TRIBUNNEWS.COM - Guru Besar Universitas Indonesia (UI) sekaligus pengajar Gender dan Hukum, Prof Sulistyowati Irianto, menilai tak mungkin Brigadir Joshua Hutabarat atau Brigadir J, berani melakukan pelecehan seksual terhadap Putri Candrawathi.
Pasalnya, kata Sulistyowati, pelecehan seksual itu harus memenuhi dua unsur, yaitu ketiadaan consent dan relasi kuasa.
Melihat dari dua unsur tersebut, Sulistyowati menilai hal-hal itulah yang membuat aktivis perempuan diam dalam kasus Ferdy Sambo, di mana Putri Candrawathi mengaku jadi korban pelecehan seksual oleh Brigadir J.

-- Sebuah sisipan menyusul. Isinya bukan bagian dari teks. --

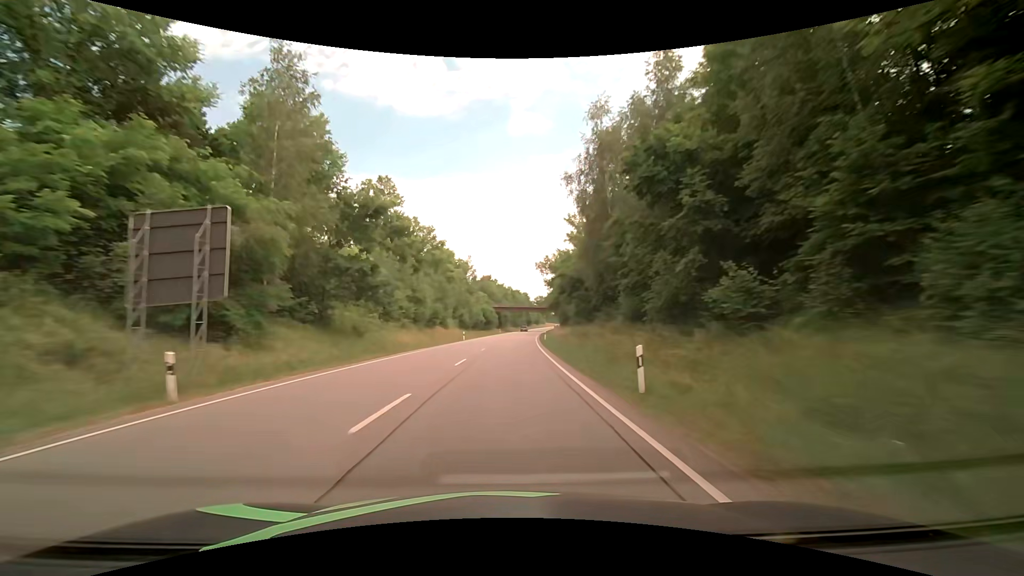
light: Day
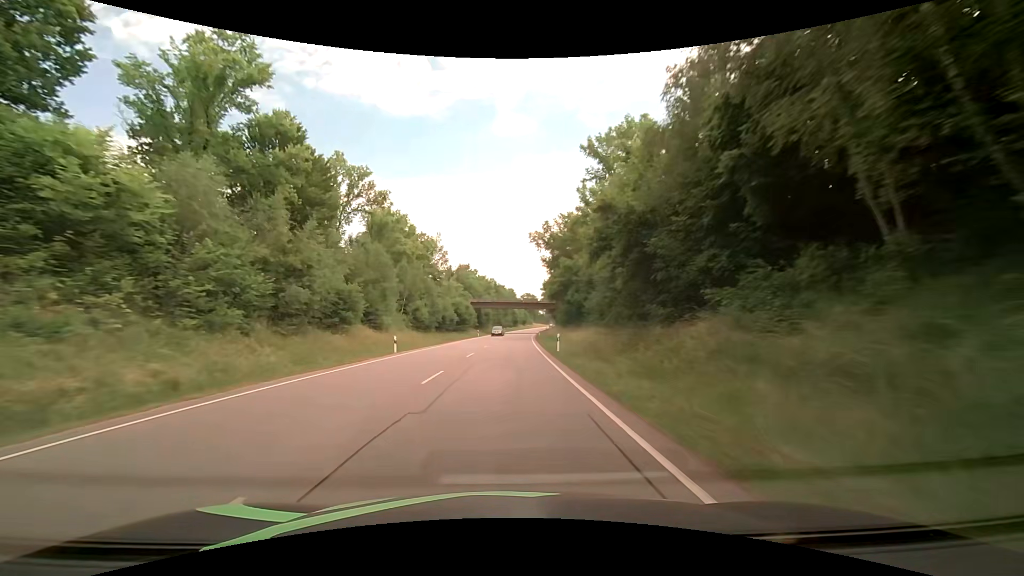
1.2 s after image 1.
(+0.7, +30.2) m; +2°
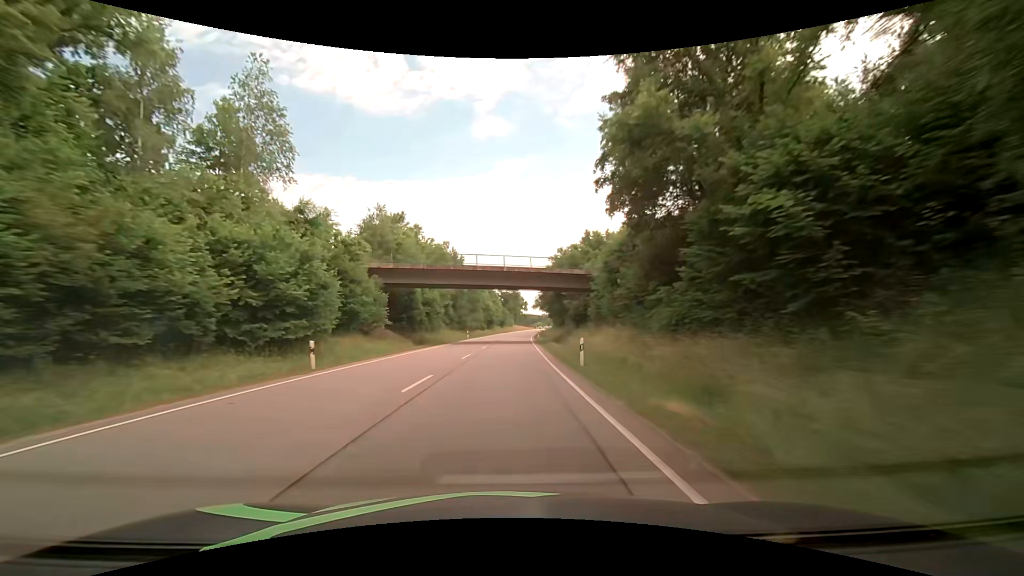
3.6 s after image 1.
(+1.6, +61.5) m; +3°
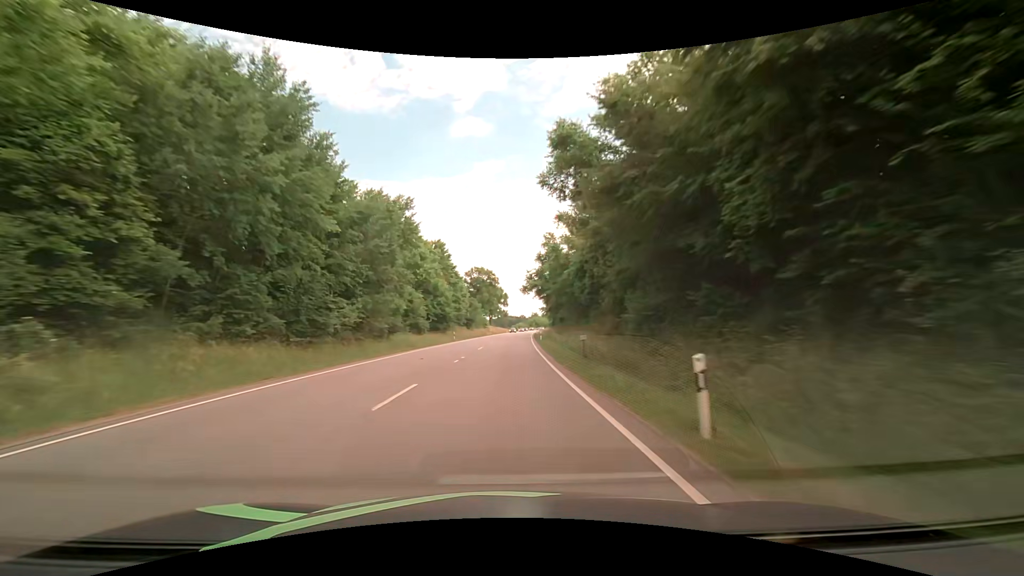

"Saya rasa teman-teman aktivis perempuan itu sangat berhati-hati dalam kasus ini (Brigadir J). Karena pelecehan seksual, kekerasan seksual itu membutuhkan dua unsur yang harus dipenuhi."
"Pertama adalah ketiadaan consent, ketiadaan kesukarelaan, atau persetujuan dari korban. Dan kedua adalah ada relasi kuasa, di mana pelaku selalu berada di dalam kekuasan yang lebih terhadap korban," terang Sulistyowati dalam acara Rosi di KompasTV, dikutip Tribunnews.com, Senin (29/8/2022).
Lebih lanjut, Sulistyowati menyinggung relasi kuasa dalam kasus Brigadir J.
Baca juga: FAKTA Putri Candrawathi Diperiksa: Bersikeras Jadi Korban Pelecehan, Belum Ditahan Meski Sudah Sehat
Ia mengungkapkan, di dalam organisasi kemiliteran dan kepolisian, terdapat hierarkis yang jelas tatanannya.
"Jadi dalam hal ini, relasi kuasanya pertama. Itu 'kan ada hierarkis yang tinggi antara Joshua dan Ibu Sambo ya."
"Dan di dalam kemiliteran atau kepolisian hierarkis itu sangat tajam, jelas."
"Pertanyaannya apakah terduga pelaku ini bisa memanjat hierarki yang terlalu tinggi," urai Sulistyowati.
Sulistyowati menambahkan, Brigadir J sebagai seorang polisi tentu mengerti soal hukum pidana.
Selain itu, Sulistyowati menilai, Brigadir J sebagai seorang ajudan tidak berani berbuat macam-macam pada keluarga atasannya.
Terlebih, Putri Candrawathi adalah seorang istri jenderal bintang dua Polri dan kesehariannya dikelilingi para ajudan.
"Yang kedua, sebagai seorang polisi tentu dia tahu betul tentang hukum pidana, hukum acara, bahwa pembuktian dari kekerasan seksual itu harus dinyatakan secara fisik."